# Lecture 13: Binary

## Overview

Up to this point, we have spoken about how computers compute in fairly abstract terms. We've assumed computers can deal with such concepts as numbers and strings of characters, without worrying at all about how these things are actually represented inside the guts of the machine.

For the next few lectures, we are going to be diving down into the inner world of modern computers, to get a snorkeler's view of how they actually work. So, beginning today, we are no longer happy with the view that computers deal with numbers, strings, arrays, objects, etc. -- unless we can figure out how they are represented inside the machine.

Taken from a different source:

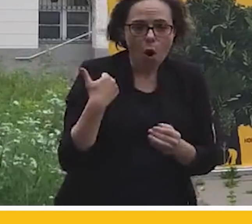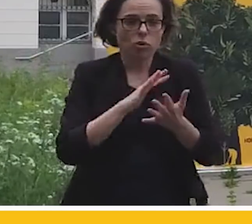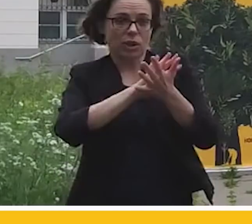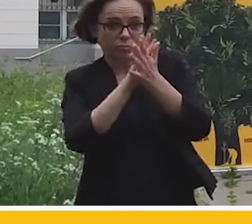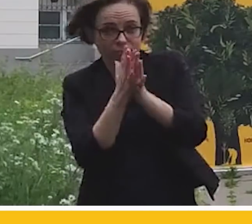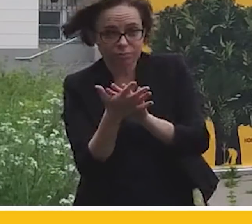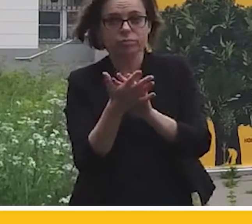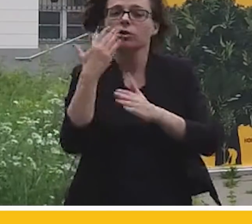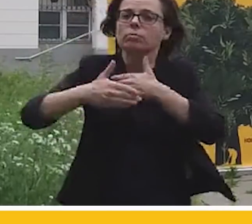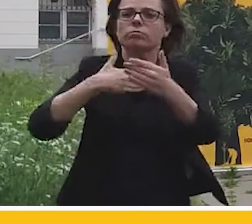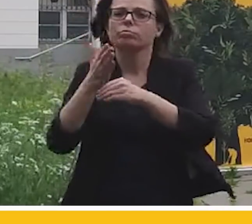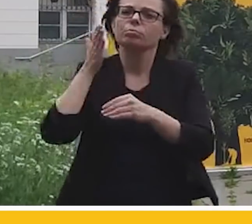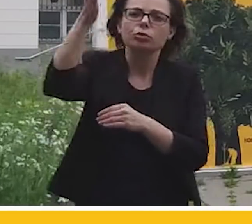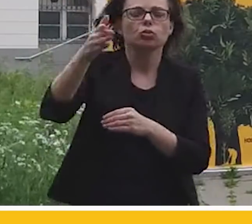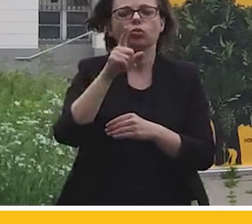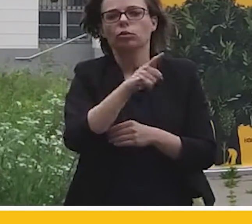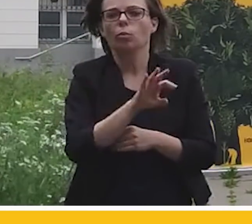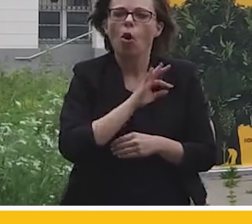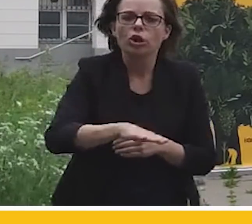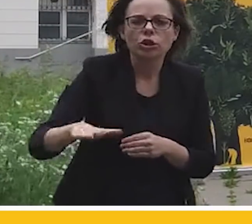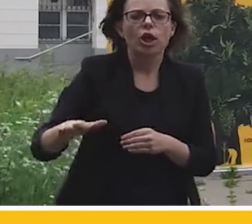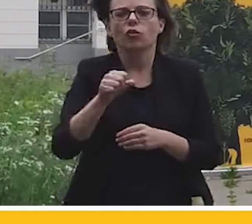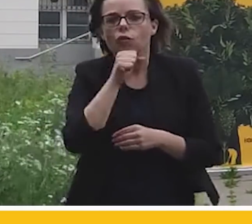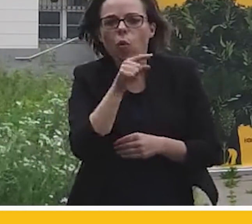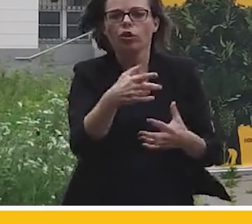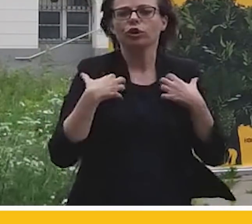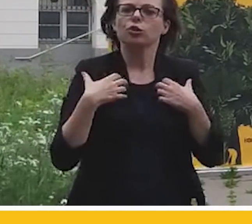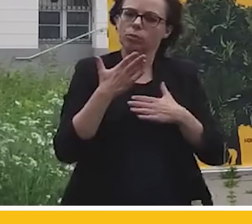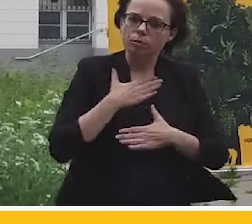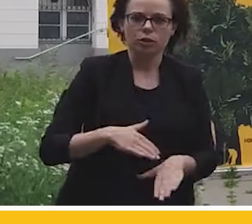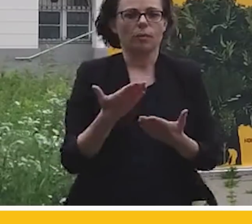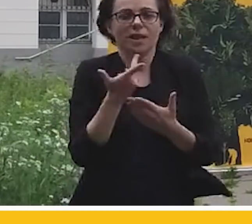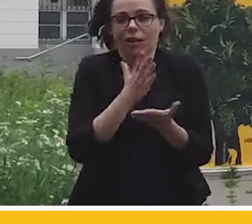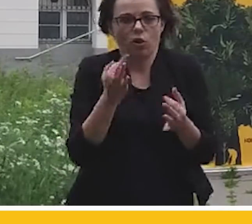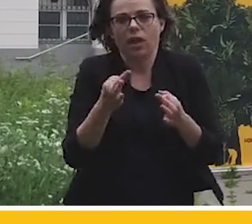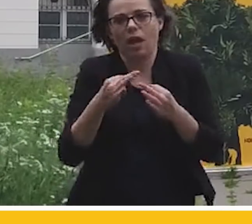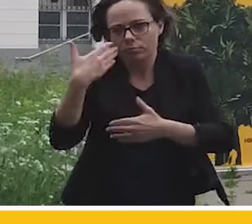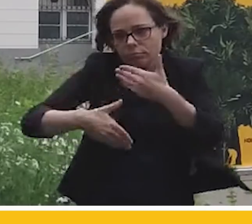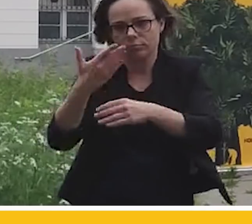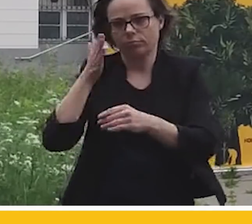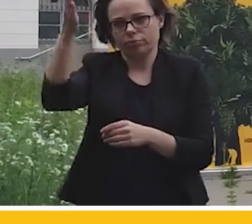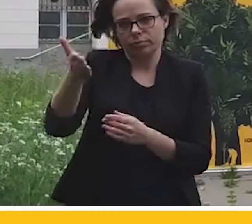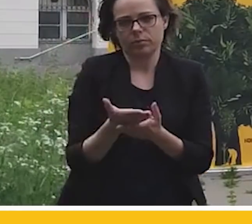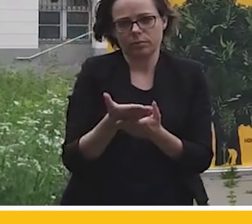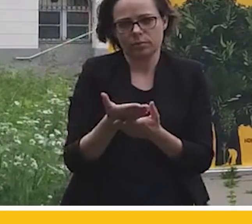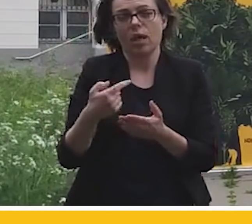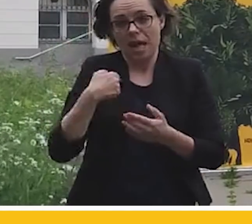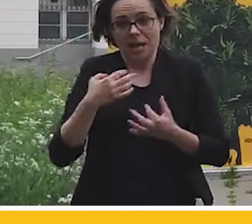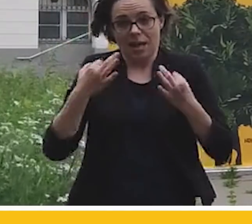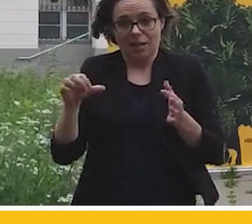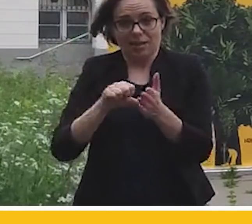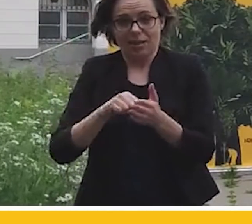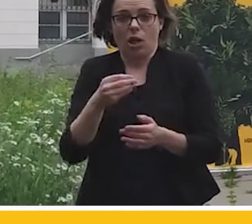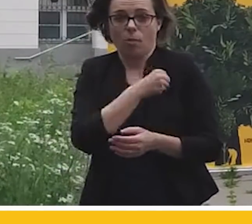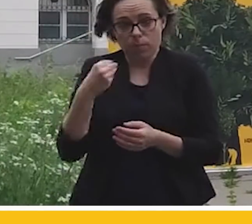Zrobienie z Polski przyjaznego miejsca dla moich dzieci i wnuków. Na pokolenia. I to jest odpowiedzialność, którą zaciągam dziś kandydując na

## Looking Again at Decimal Numbers

Since the main reason computing machines were invented in the first place was to simplify arithmetic, the first thing we need to know is how to represent numbers. We humans represent numbers in a variety of different ways, but at this point in our history, almost everyone uses what's called "positional notation" for numbers:

- Integers: 0, +5332, -4, etc.
- Fractions: 1.5, -6.67, 1971.354, etc.

The basic idea is that there is some collection of digits (in our case, ten of them: 0, 1, 2, 3, ..., 9), and the value of a digit depends upon not only its own intrinsic value, but also its position in the number. Example, 6174:

pos | value | * | digit | = | digit value |

0 | 1 | 4 | 4 | ||

1 | 10 | 7 | 70 | ||

2 | 100 | 1 | 100 | ||

3 | 1000 | 6 | 6000 |

The sum of the values of all the digits is the number
represented:

6000 + 100 + 70 + 4 = 6174.

Note that the value of each position is some power of 10. Since there are ten digits, we call this a base 10 or "decimal" numbering system.

pos | value | |

0 | 1 | (10^{0}) |

1 | 10 | (10^{1}) |

2 | 100 | (10^{2}) |

3 | 1000 | (10^{4}) |

4 | 10000 | (10^{5}) |

etc. |

In principle, there is no reason why we couldn't represent numbers in the computer using decimal numbering. But in practice, that turns out to be hard: Building an electronic circuit that can reliably distinguish between ten different pressure (voltage) values is not an easy task. Since reliability and accuracy are the whole point of building a computer in the first place, that's a problem.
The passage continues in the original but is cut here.